Своим ножом он разрезал им ноги так, чтобы текла обильная кровь, а затем приказал элегантному судну двигаться очень медленно. Он уселся на корме и наблюдал, как их перепуганные жертвы барахтаются в воде, оставляя за собой красный след, который вскоре привлек бы голодных акул.
Через десять минут появилась первая плавник, следуя за кровавым следом, но не атаковала, словно темное огромное чудовище подозревало что-то неладное в столь неожиданном завтраке.
На борту никто не произнес ни слова, а в воде и Гастон, и Нене, казалось, поняли, что умолять бесполезно. Они смирились со своей ужасной участью, надеясь лишь на то, что конец будет быстрым и как можно менее мучительным.
Но тот, кто изобрел такую садистскую казнь, знал свое дело. Акула, атакующая мгновенно, могла бы разорвать жертву пополам одним укусом, быстро положив конец ее жизни. Но если жертву тащили, как живую приманку, ее конец становился медленным, мучительным и ужасающим.
Вдруг из глубин появилась вторая акула, бросилась на левую ногу Нене и мгновенно оторвала ее на уровне бедра. Словно это было сигналом, первая акула набросилась на вторую ногу.
Кровь окрасила море, и несчастный марселец издал раздирающий крик, который затерялся вдалеке, исчезнув на далёких пляжах острова и в душе тех, кто наблюдал за этим ужасающим зрелищем.
Но худшее было еще впереди.
Не дав Нене умереть от потери крови, наиболее активный хищник вновь атаковал, полностью заглотив крючок. Таким образом, он оказался навсегда связан с Нене Руссело, его огромные челюсти наполовину сомкнулись на животе и спине жертвы, а острые зубы впились в мягкую плоть, которая рвалась и крошилась по мере того, как он безуспешно пытался освободиться от стали, застрявшей в его нёбе.
Остатки марсельца были лишь бесформенной массой крови, плоти и внутренностей, ревущей и плачущей, прыгая туда-сюда, словно мяч в зубах обезумевшей собаки. В какой-то момент потрясенный Себастьян Эредия не смог сделать ничего другого, кроме как склонившись над палубой, впервые в жизни вырвать.

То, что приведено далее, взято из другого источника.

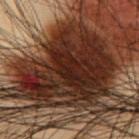The lesion was tiled from a total-body skin photograph and was not biopsied.
The lesion is on the abdomen.
A close-up tile cropped from a whole-body skin photograph, about 15 mm across.
A male subject aged around 55.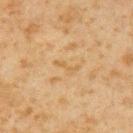| key | value |
|---|---|
| biopsy status | total-body-photography surveillance lesion; no biopsy |
| patient | male, aged 58–62 |
| location | the left upper arm |
| imaging modality | ~15 mm crop, total-body skin-cancer survey |
| size | ≈3 mm |
| tile lighting | cross-polarized illumination |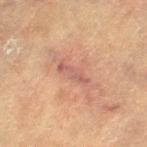Impression:
Recorded during total-body skin imaging; not selected for excision or biopsy.
Acquisition and patient details:
Automated tile analysis of the lesion measured a lesion area of about 4 mm², an outline eccentricity of about 0.95 (0 = round, 1 = elongated), and a symmetry-axis asymmetry near 0.3. And it measured a normalized border contrast of about 6. The lesion is on the left thigh. The subject is a female aged around 80. This image is a 15 mm lesion crop taken from a total-body photograph.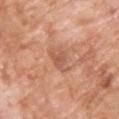– biopsy status: imaged on a skin check; not biopsied
– site: the front of the torso
– patient: male, in their 60s
– imaging modality: 15 mm crop, total-body photography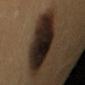biopsy_status: not biopsied; imaged during a skin examination
patient:
  sex: female
  age_approx: 30
lesion_size:
  long_diameter_mm_approx: 7.5
site: right upper arm
lighting: cross-polarized
image:
  source: total-body photography crop
  field_of_view_mm: 15

Затем он сел рядом с отцом, который был полностью поглощен заточкой длинного мачете, и оставался там, пока Лукас Кастаньо не перерезал толстые канаты, позволив остаткам обоих братьев стать добычей своры разъяренных акул, которые, казалось, прибыли со всех четырех концов света.
IV
В течение трудного года, последовавшего за жестокой казнью, Себастьян Эредиа повзрослел быстрее, чем за все предыдущие годы на борту корабля "Жакара". И дело было не только в том, что он стал выше и сильнее или что освоил больше знаний о войне и любви. Его ум стал умом взрослого человека, который начал понимать, насколько важно задуматься о совершенно ином будущем, подальше от столь сомнительной компании.
Каждую ночь он ложился спать с решимостью немедленно отказаться от этой абсурдной жизни. Но каждое утро просыпался с осознанием, что откладывает решение еще на один день. Отчасти потому, что глубоко внутри был убежден: так же как капитан Джек не упустил братьев из Марселя, он не позволит "безумному мальчишке и старику" бродить по миру, зная, где на протяжении полугода прячется один из самых разыскиваемых кораблей Карибского моря.
– "Жакара" всегда был "страной, из которой не возвращаются", – однажды сказал Лукас Кастаньо, который в тот день был более склонен, чем обычно, "тратить слова впустую". – Ты должен понять: если бы у нас не было убежища, где мы чувствуем себя абсолютно в безопасности, наша жизнь превратилась бы в ад.
Как убедить недоверчивого шотландца и суровую команду в том, что ни он, ни его отец никогда не выдадут местоположение острова? Какие гарантии они могли бы дать, что сохранят молчание, если попадут в плен к агентам Севильской торговой палаты? И кто мог бы удостоверить, что видение заманчивой награды не подтолкнет их к предательству тех, кто столько лет был их товарищами по несчастью?
Честность никогда не была одной из главных добродетелей пиратской братии. Поэтому ожидать, что эта стая умудренных "морских псов" благосклонно примет чью-то честность, было бы наивно. Если бы они решили уйти, это пришлось бы делать ночью, украдкой, с риском стать кормом для акул. А на такой риск юноша был вовсе не готов.
Но даже если бы они были уверены, что смогут сбежать, куда бы они направились?
"Давай вернемся домой," – лишь пару раз говорил по этому поводу его всегда отсутствующий отец, Мигель Эредиа Хименес. Это "вернуться домой", чтобы снова увидеть сестру, было единственным, чего по-настоящему желал и Себастьян.